These extracts will assist the reader to recall the political excitements of the time. And he may well esteem it extraordinary for a boy of thirteen—an age when a boy is, generally, most a boy—to understand them so well, and to be interested in them so deeply. It should be remembered, however, that in remote country places, where the topics of conversation are few, all the people take a degree of interest in politics, and talk about political questions with a frequency and pertinacity of which the busy inhabitants of cities can form little idea.
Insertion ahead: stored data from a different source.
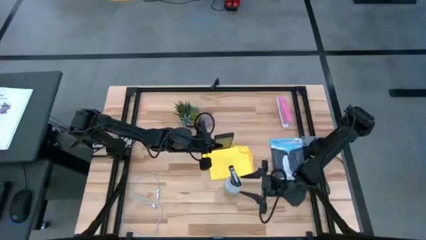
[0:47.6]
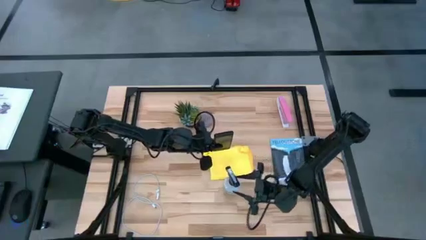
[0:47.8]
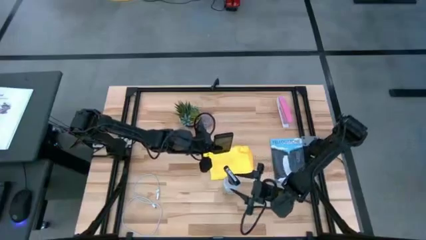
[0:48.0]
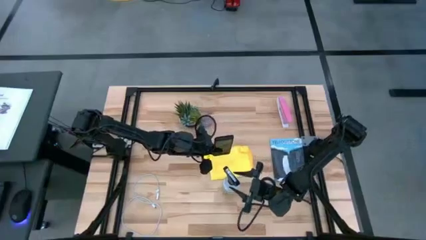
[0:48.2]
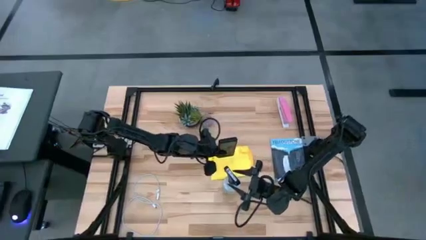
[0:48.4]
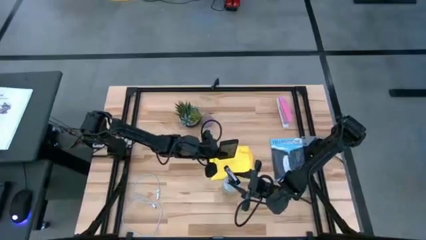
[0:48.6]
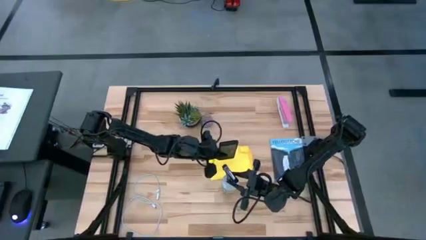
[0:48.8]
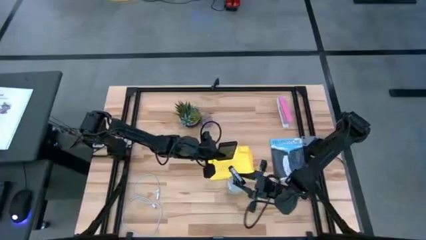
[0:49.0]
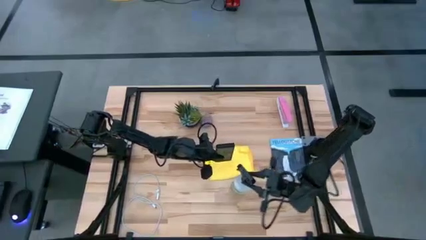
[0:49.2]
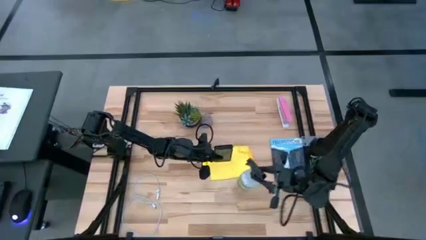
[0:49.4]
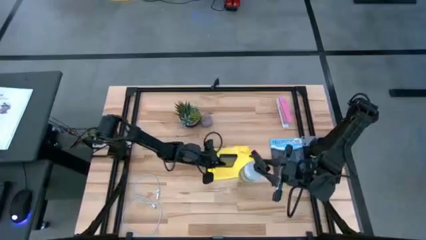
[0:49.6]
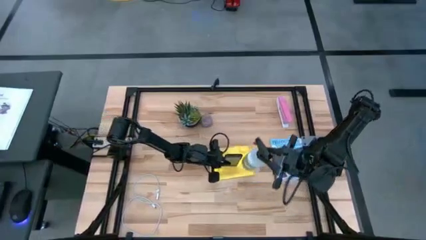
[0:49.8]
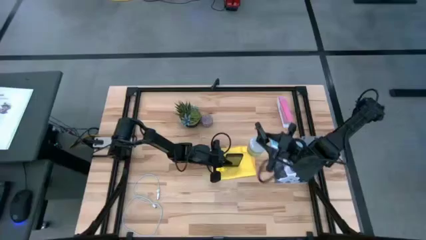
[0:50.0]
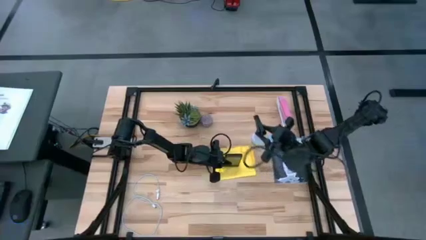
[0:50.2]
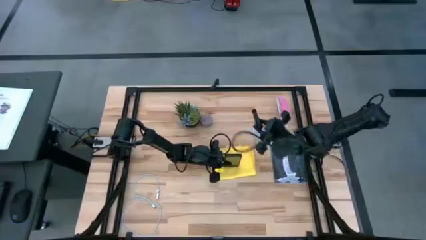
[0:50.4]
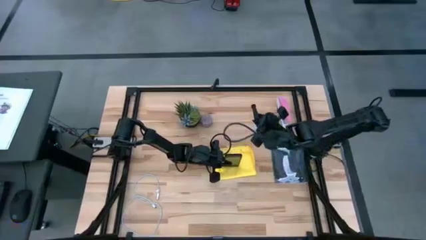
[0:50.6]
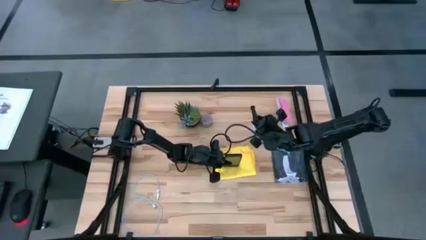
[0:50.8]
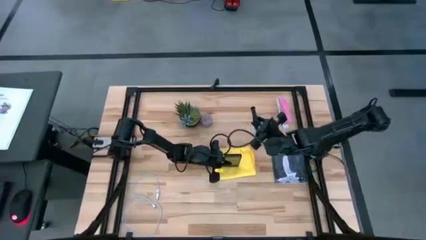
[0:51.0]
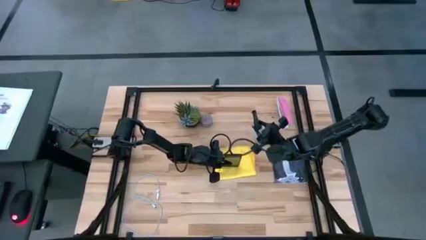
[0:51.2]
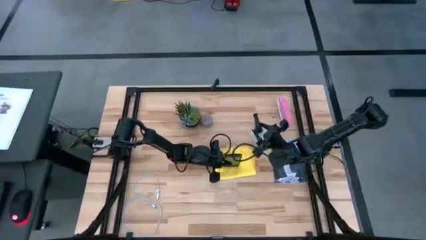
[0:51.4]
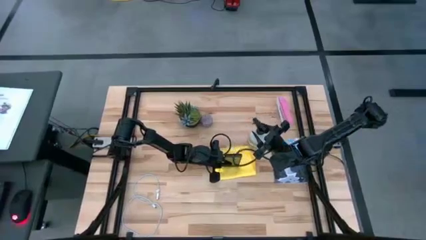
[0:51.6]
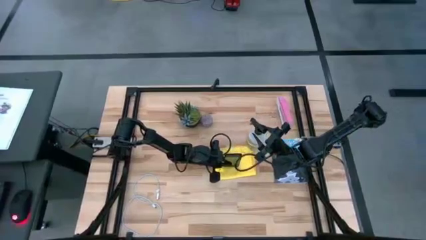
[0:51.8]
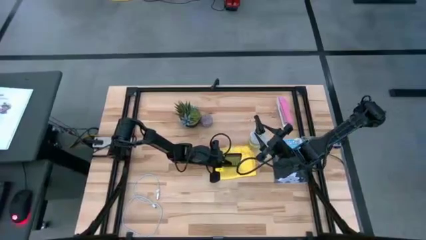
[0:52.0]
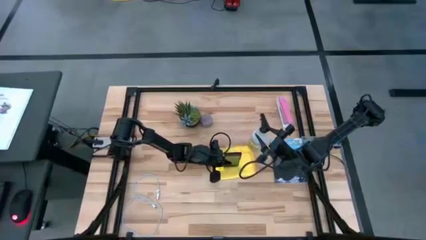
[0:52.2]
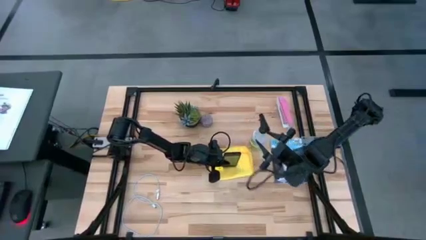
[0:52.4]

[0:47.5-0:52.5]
Move the white spray bottle to the top right of the table

Horace's last year in Westhaven (1825) wore slowly away. He —had exhausted the schools; he was impatient to be at the types, and he wearied his father with importunities to get him a place in a printing-office. But his father was loth to let him go, for two reasons: the boy was useful at home, and the cautious father feared he would not do well away from home; he was so gentle, so absent, so awkward, so little calculated to make his way with strangers. One day, the boy saw in the ‘Northern Spectator,’ a weekly paper, published at East Poultney, eleven miles distant, an advertisement for an apprentice in the office of the ‘Spectator’ itself. He showed it to his father, and wrung from him a reluctant consent to his applying for the place. ‘I have n't got time to go and see about it, Horace; but if you have a mind to walk over to Poultney and see what you can do, why you may.’

Horace had a mind to.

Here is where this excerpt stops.